#### [Task]
Go through the material below, noting each line where the string "weighted" appears, and give only the total.

Start of Source records

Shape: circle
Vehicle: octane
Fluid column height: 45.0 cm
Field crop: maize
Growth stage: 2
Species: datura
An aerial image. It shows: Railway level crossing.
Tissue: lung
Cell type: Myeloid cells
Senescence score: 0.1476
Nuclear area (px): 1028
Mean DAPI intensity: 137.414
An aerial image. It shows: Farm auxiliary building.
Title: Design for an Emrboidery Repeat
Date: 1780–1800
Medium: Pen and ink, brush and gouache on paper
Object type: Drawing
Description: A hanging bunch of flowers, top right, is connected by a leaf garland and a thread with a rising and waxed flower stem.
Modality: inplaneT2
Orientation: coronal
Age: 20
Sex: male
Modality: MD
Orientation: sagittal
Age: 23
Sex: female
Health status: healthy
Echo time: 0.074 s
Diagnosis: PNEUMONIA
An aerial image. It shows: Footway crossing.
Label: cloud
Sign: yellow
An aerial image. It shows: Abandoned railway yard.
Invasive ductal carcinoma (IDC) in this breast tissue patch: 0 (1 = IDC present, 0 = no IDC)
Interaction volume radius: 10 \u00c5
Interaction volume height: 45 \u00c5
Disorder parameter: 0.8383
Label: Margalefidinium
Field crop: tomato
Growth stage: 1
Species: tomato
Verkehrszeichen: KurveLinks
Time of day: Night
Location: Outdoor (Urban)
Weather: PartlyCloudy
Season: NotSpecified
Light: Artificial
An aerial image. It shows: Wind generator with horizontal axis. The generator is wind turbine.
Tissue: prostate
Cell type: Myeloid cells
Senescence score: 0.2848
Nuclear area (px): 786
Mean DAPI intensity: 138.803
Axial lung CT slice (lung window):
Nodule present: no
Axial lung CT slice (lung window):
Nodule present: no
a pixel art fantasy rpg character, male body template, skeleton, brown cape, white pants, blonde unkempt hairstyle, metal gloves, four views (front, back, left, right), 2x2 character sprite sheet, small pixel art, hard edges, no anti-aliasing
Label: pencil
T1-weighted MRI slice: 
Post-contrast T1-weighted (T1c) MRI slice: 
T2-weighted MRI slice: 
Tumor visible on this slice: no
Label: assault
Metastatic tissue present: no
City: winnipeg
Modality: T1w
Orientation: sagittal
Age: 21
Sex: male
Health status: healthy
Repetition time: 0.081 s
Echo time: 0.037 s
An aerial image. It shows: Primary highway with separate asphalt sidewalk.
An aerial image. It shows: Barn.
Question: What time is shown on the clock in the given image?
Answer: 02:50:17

End of Source records

#### [Exercise result]
3